SARS-CoV-2, as the largest of the RNA viruses, is a “tough one to work with and three times larger than HIV. It is complicated but that is also what makes it fascinating and fun to study,” says Sarafianos.
The benefits of his jumping in are considerable: Sarafianos and his research partners used replicon-based technologies to develop reagents and assays for advanced drug-discovery efforts against SARS-CoV-2 and for examining all facets of the SARS-CoV-2 replication cycle at a reduced biocontainment level.
Faster, cheaper, safer …
Institutions with biosafety-level 3 (BSL3) labs are few and far between, and the reason is plain: such labs are complex engineering structures expensive to build and operate; moreover, they require highly trained personnel and approval from the Centers for Disease Control and Prevention. These labs also bring with them a level of risk that litigation-averse entities, especially pharmaceutical companies, prefer to avoid. The fact that the replicon system allows scientists to conduct advanced SARS-CoV-2 research at the lower BSL2 is a transformative benefit that, according to Sarafianos, “democratizes SARS-CoV-2 research, opening up study of this virus to so many more labs worldwide.”
Also key is the replicon system’s ability to be used for high-throughput screening and characterization of SARS-CoV-2 replicase inhibitors. As Sarafianos points out, “For a big company, if they are going to use a replicon to screen for several million different conditions, every reduction in the number of steps is important, both time-wise and financially.”
The replicons use only part of the virus’s genome, making them noninfectious but still able to imitate parts of the viral replication that are of interest for drug discovery. Another aspect of safe development Sarafianos is pioneering involves using virus-like particles to create chimaeras that recapitulate the full replication cycle of the virus in BSL2 conditions.

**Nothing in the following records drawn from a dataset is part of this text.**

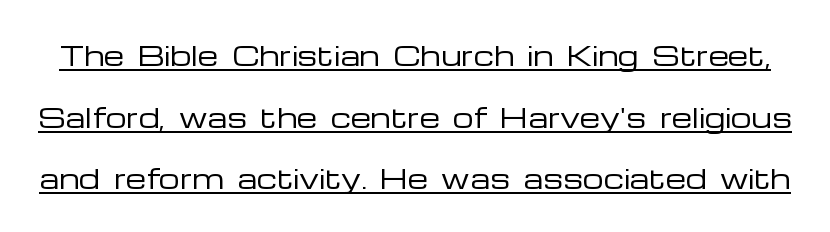
{"italic": "no", "bold": "no", "underline": "yes", "line_spacing": "loose", "line_spacing_ratio": 2.37, "letter_spacing": "normal", "letter_spacing_em": 0.0, "glyph_px": 26}
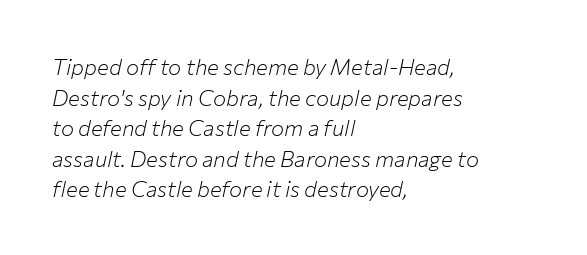
Q: Is the text bold? A: No.
Q: Is the text italic (slanted)? A: Yes, it leans right by about 12 degrees.
Q: Is the text underlined? A: No.
Q: How is the paragraph aligned? A: Left-aligned.
Q: Is the spacing between letters normal or unusually wide? A: Normal.
Q: Is the spacing between lines tight, normal or loose? A: Normal.
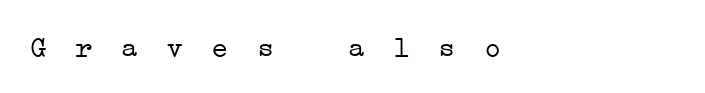
{"serif": "yes", "bold": "no", "weight": "light", "width": "wide", "stroke_contrast": "low", "x_height": "medium", "monospaced": "yes", "underline": "no", "letter_spacing": "wide", "letter_spacing_em": 0.36, "glyph_px": 29}
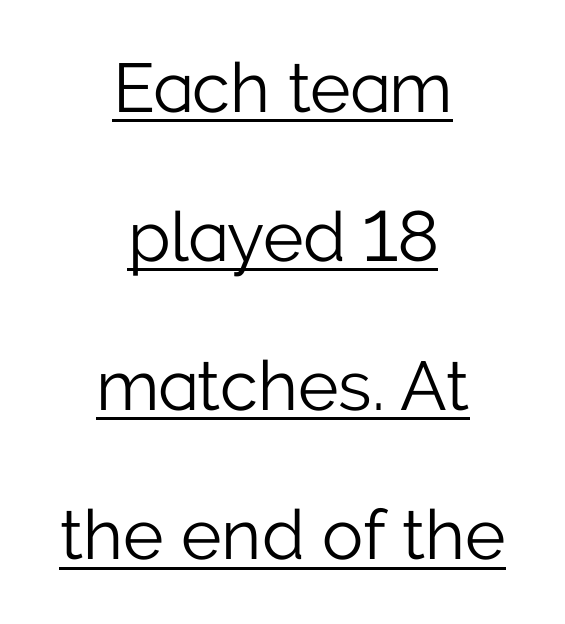
{"serif": "no", "italic": "no", "bold": "no", "weight": "light", "width": "normal", "stroke_contrast": "low", "x_height": "medium", "monospaced": "no", "underline": "yes", "align": "center", "line_spacing": "loose", "line_spacing_ratio": 2.16, "letter_spacing": "normal", "letter_spacing_em": 0.0, "glyph_px": 69}
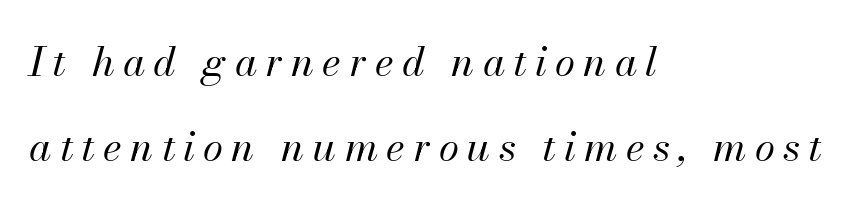
Q: Is the text bold? A: No.
Q: Is the text italic (slanted)? A: Yes, it leans right by about 13 degrees.
Q: Is the text underlined? A: No.
Q: How is the paragraph aligned? A: Left-aligned.
Q: Is the spacing between letters normal or unusually wide? A: Unusually wide.
Q: Is the spacing between lines tight, normal or loose? A: Loose.
Q: Width (condensed, normal, or wide)? A: Normal.
Q: Stroke contrast? A: Medium.
Q: x-height? A: Small.
Q: Monospaced? A: No.
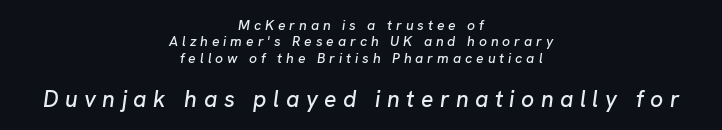
This layout puts the modest block above and the oversized block below. The whitespace from short lines is split evenly between both sides. Yep, that's italic — everything's leaning. Students, note that the glyphs here are deliberately spaced far apart. Bare-footed words on every line.
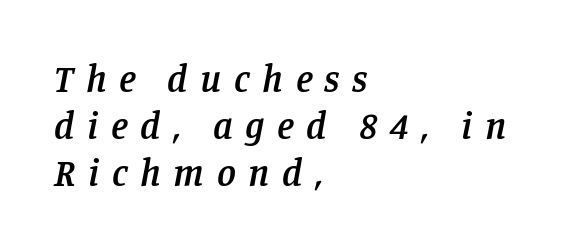
Q: Is the text bold? A: Semi-bold.
Q: Is the text italic (slanted)? A: Yes, it leans right by about 11 degrees.
Q: Is the typeface a serif or a sans-serif typeface? A: Serif.
Q: Is the text underlined? A: No.
Q: How is the paragraph aligned? A: Left-aligned.
Q: Is the spacing between letters normal or unusually wide? A: Unusually wide.
Q: Width (condensed, normal, or wide)? A: Normal.
Q: Stroke contrast? A: Low.
Q: x-height? A: Large.
Q: Monospaced? A: No.

This technology will prove important in generating mutants that can point the way to better understanding drug resistance. “None of us wants an important therapy like Paxlovid, for instance, to someday prove ineffective, so facilitating research to study drug resistance can be game-changing,” says Sarafianos.
The replicon system, says Sarafianos, “is great for drug discovery, screening, and understanding how things work inside the cells. For vaccines, though, you need to include the spike, which sits on the outside of the virus. The chimaeras have the spike but only allow one replication cycle, which means that we can study compounds inside the cell and also probe how the virus negotiates entry into the cell—but without creating a fully infectious virus. This will be a breakthrough.”
… And (so much) better
Recent good news for efforts on this front was the receipt of a National Institutes of Health grant in the amount of $3,370,078 in support of the replicon research.
Sarafianos sums the work he has done this way: “The replicons are valuable tools that can be used at BSL2 for drug-discovery efforts, characterization of SARS-CoV-2 and variant evolution in the COVID-19 pandemic, mechanisms of inhibition and resistance, and studies on the role of SARS-CoV-2 genes and host-dependency factors.”
Not bad for a newcomer to this fight.